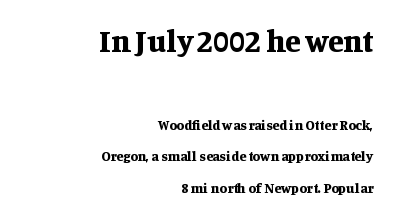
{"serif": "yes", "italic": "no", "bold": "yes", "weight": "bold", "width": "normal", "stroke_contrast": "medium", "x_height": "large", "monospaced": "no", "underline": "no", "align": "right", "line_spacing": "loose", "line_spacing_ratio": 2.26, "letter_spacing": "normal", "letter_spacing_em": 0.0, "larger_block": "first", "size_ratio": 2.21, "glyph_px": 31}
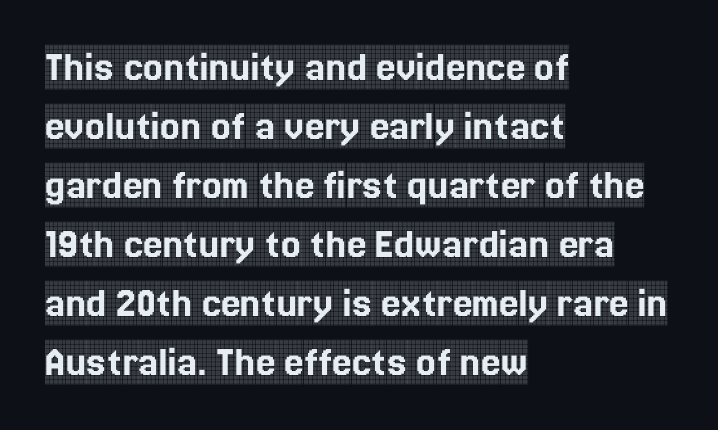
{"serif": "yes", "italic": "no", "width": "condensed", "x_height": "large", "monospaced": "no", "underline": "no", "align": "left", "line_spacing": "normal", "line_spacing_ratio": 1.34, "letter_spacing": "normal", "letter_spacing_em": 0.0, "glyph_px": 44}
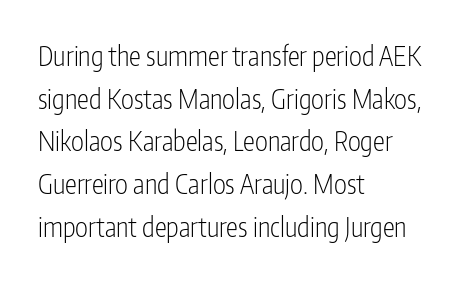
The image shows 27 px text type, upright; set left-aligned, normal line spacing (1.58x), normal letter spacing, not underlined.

==

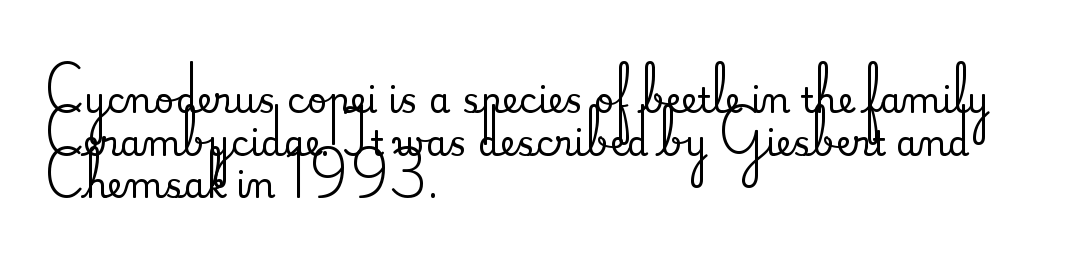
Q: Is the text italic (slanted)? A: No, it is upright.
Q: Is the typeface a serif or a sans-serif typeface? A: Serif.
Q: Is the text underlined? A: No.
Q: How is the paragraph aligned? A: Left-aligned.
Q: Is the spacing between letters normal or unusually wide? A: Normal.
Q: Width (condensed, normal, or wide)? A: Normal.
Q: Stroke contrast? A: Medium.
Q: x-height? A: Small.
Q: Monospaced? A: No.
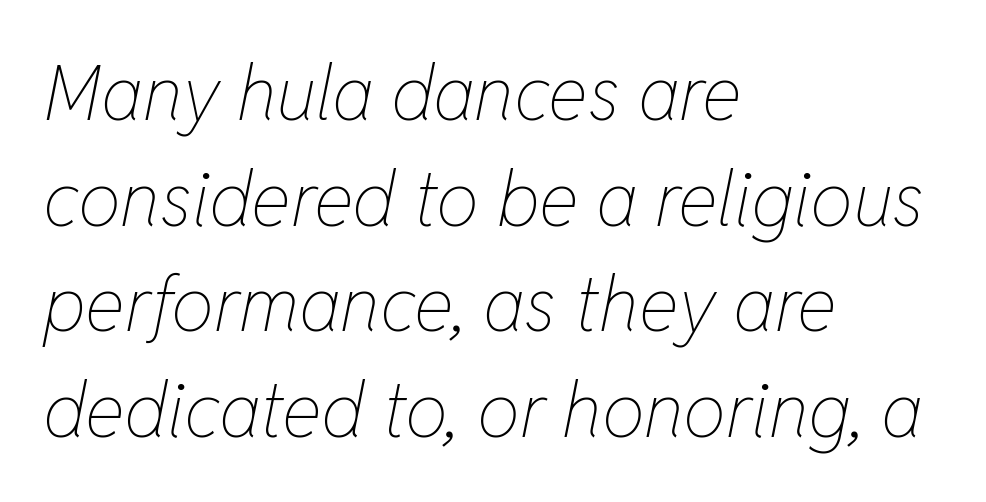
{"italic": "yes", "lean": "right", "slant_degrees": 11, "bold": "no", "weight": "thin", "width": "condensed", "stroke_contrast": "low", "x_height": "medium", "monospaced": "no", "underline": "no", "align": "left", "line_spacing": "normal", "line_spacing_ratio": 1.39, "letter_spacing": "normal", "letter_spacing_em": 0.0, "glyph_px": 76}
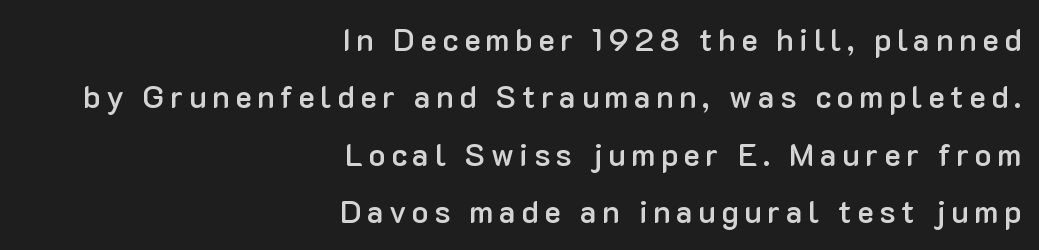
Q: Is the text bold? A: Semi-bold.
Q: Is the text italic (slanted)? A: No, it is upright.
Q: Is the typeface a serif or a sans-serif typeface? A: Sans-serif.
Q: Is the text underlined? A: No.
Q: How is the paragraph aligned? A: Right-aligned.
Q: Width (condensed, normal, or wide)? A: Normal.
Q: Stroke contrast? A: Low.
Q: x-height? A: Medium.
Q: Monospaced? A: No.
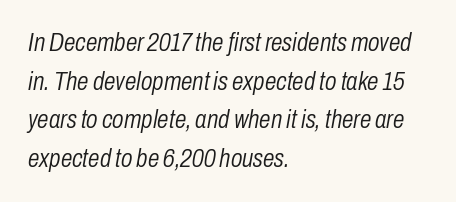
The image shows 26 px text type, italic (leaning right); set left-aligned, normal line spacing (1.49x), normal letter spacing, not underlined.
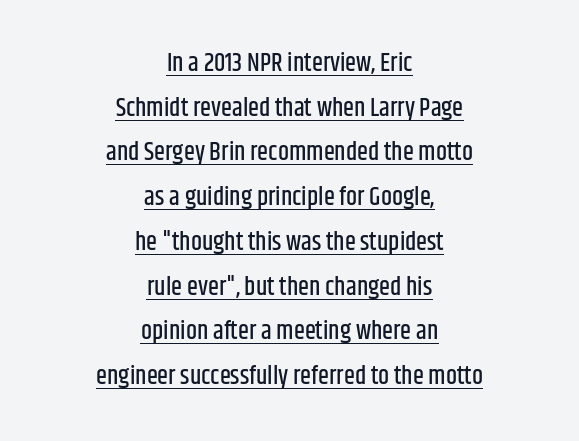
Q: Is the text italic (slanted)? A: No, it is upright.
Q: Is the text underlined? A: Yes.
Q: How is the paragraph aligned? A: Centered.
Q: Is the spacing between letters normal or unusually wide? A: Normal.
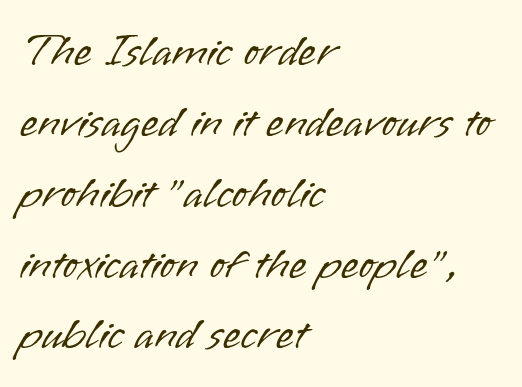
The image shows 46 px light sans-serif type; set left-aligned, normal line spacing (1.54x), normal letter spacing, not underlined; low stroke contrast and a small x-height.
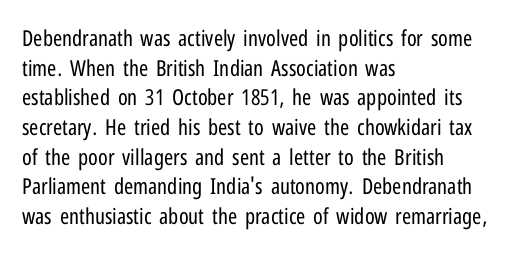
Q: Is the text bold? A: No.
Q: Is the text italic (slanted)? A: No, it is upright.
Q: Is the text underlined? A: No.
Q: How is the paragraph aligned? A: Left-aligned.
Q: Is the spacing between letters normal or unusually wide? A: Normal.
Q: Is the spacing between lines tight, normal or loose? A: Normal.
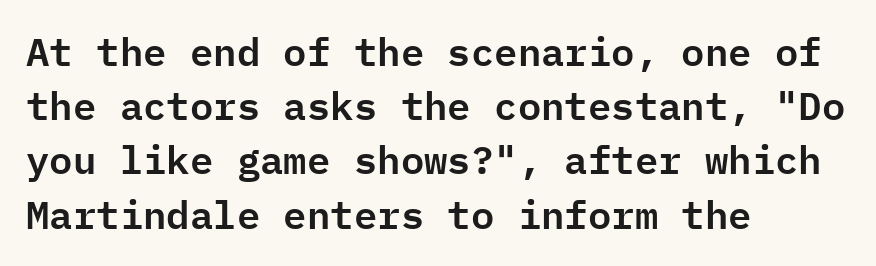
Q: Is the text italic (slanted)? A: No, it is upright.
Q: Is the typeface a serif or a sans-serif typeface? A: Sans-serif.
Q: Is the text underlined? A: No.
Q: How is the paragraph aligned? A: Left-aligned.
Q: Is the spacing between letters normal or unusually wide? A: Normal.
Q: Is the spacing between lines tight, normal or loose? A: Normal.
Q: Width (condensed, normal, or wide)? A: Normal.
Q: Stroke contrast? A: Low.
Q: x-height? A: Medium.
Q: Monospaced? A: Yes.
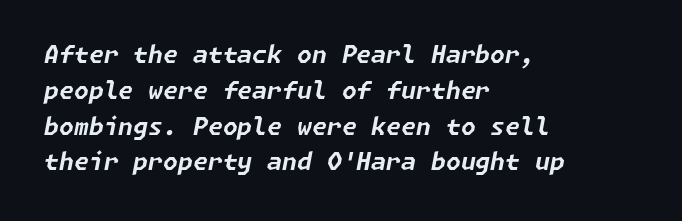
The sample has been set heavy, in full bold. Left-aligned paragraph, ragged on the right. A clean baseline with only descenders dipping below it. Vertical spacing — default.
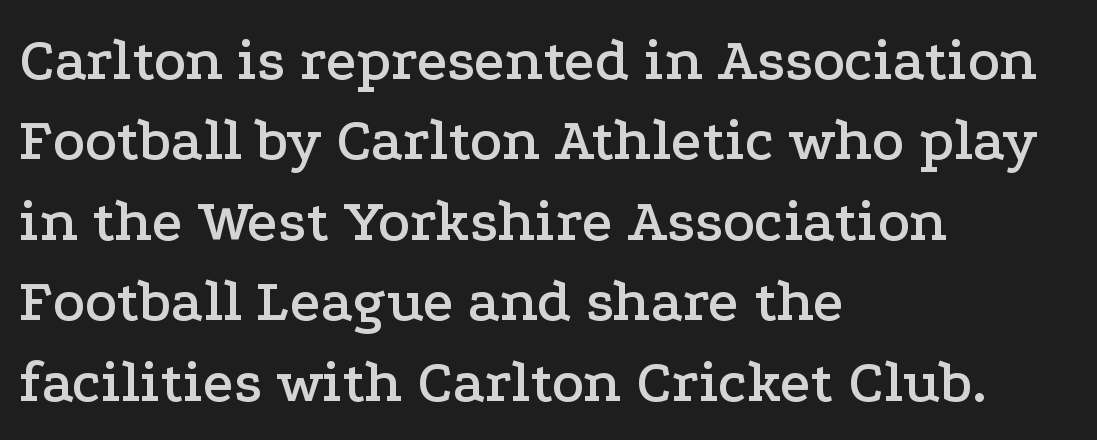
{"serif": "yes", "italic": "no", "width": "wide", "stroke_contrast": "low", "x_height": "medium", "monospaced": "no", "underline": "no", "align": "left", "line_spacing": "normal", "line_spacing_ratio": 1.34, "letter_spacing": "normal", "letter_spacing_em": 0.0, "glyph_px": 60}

...

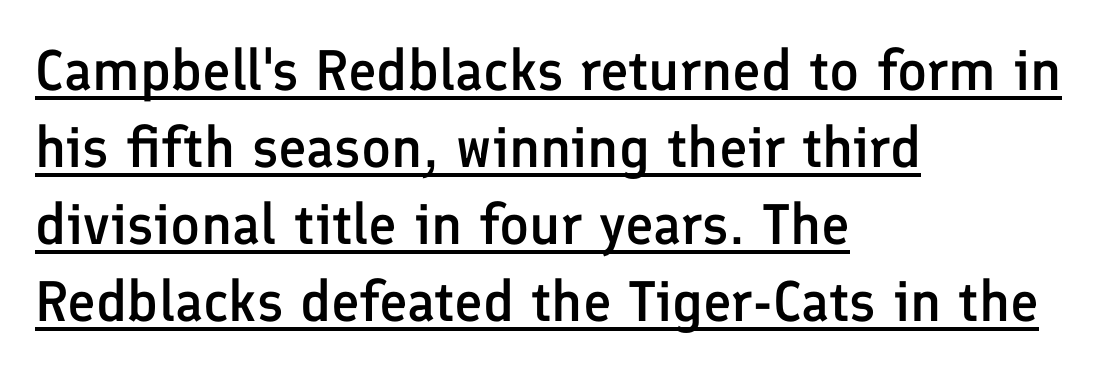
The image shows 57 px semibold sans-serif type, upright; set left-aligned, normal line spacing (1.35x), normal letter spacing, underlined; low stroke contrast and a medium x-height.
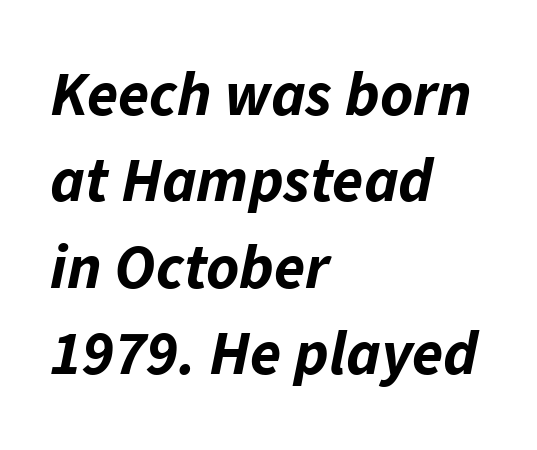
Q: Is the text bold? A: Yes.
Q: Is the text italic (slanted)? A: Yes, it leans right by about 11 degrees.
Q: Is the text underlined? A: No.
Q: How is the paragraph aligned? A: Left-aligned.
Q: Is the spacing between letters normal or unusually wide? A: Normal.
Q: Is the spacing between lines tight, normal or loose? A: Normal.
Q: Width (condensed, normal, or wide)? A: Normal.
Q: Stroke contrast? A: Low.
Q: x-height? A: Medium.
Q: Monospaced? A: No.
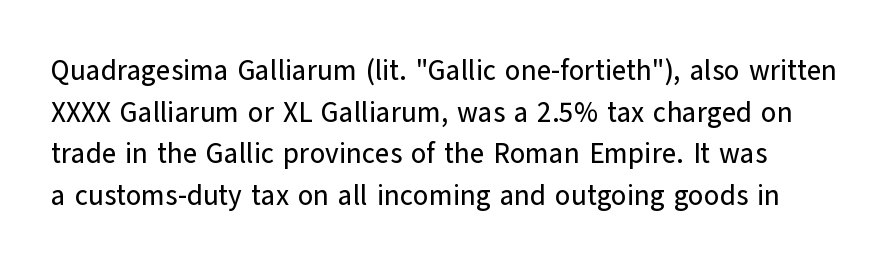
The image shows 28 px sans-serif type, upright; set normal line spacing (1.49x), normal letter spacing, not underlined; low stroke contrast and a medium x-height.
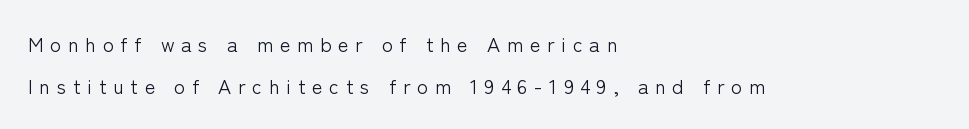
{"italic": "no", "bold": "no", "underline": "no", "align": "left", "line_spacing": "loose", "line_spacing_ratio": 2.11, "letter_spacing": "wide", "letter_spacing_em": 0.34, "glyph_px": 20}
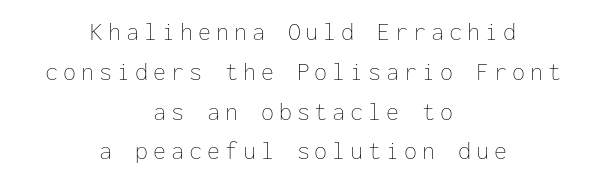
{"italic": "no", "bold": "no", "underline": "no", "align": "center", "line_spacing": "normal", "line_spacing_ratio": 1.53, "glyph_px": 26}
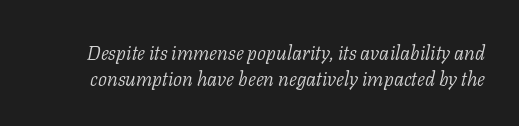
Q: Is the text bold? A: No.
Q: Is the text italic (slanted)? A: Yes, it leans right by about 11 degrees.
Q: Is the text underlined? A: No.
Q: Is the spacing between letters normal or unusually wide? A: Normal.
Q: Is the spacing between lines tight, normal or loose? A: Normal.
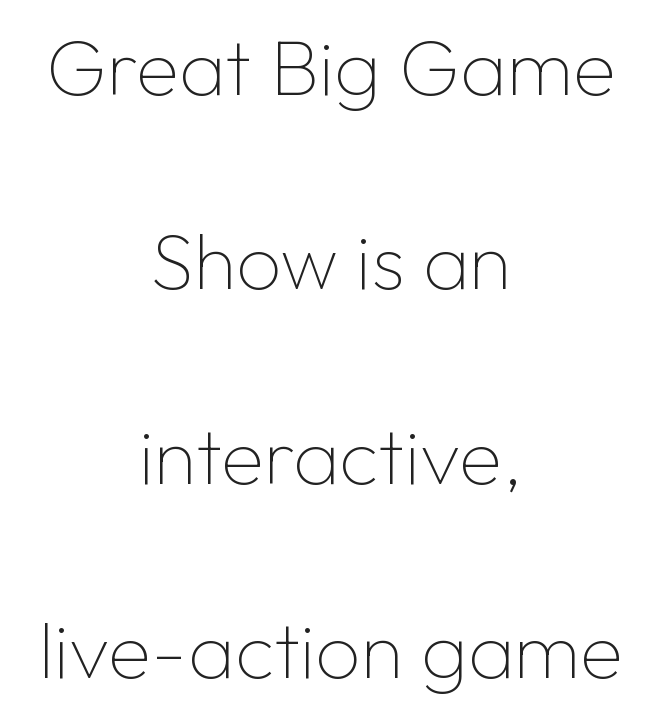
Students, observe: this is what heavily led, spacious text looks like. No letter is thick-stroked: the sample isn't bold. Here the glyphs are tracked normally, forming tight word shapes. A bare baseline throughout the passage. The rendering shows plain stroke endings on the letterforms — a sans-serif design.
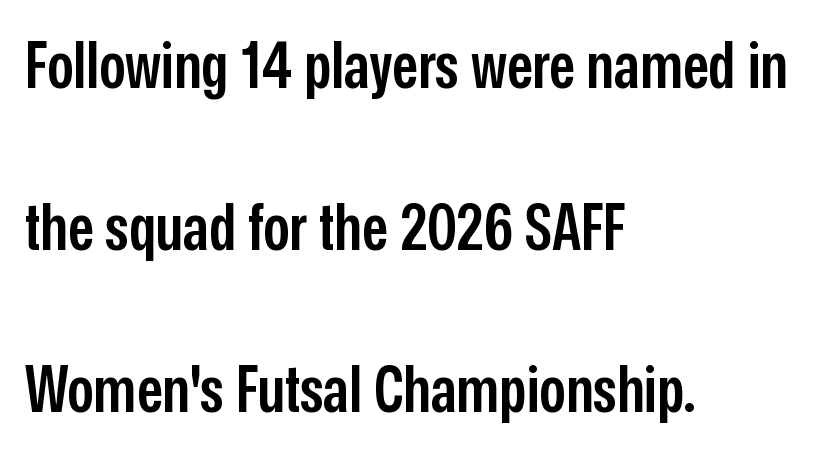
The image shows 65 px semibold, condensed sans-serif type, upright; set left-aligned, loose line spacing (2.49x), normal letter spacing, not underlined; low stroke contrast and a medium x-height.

_YOUR INSTRUCTIONS_. Write out exactly the run of lines above that starts at the line containing "Q: Stroke contrast? A: Medium." and ends at the line containing "The image shows 26". Include both, and leave the pictures out.

_RESPONSE TO THIS EXERCISE_.
Q: Stroke contrast? A: Medium.
Q: x-height? A: Small.
Q: Monospaced? A: No.
{"italic": "yes", "lean": "right", "slant_degrees": 11, "bold": "no", "weight": "thin", "width": "condensed", "stroke_contrast": "low", "x_height": "medium", "monospaced": "no", "underline": "no", "align": "left", "line_spacing": "normal", "line_spacing_ratio": 1.39, "letter_spacing": "normal", "letter_spacing_em": 0.0, "glyph_px": 76}
Q: Is the text bold? A: Semi-bold.
Q: Is the text italic (slanted)? A: No, it is upright.
Q: Is the typeface a serif or a sans-serif typeface? A: Sans-serif.
Q: Is the text underlined? A: No.
Q: How is the paragraph aligned? A: Right-aligned.
Q: Width (condensed, normal, or wide)? A: Normal.
Q: Stroke contrast? A: Low.
Q: x-height? A: Medium.
Q: Monospaced? A: No.
The image shows 26 px text type, italic (leaning right); set left-aligned, normal line spacing (1.49x), normal letter spacing, not underlined.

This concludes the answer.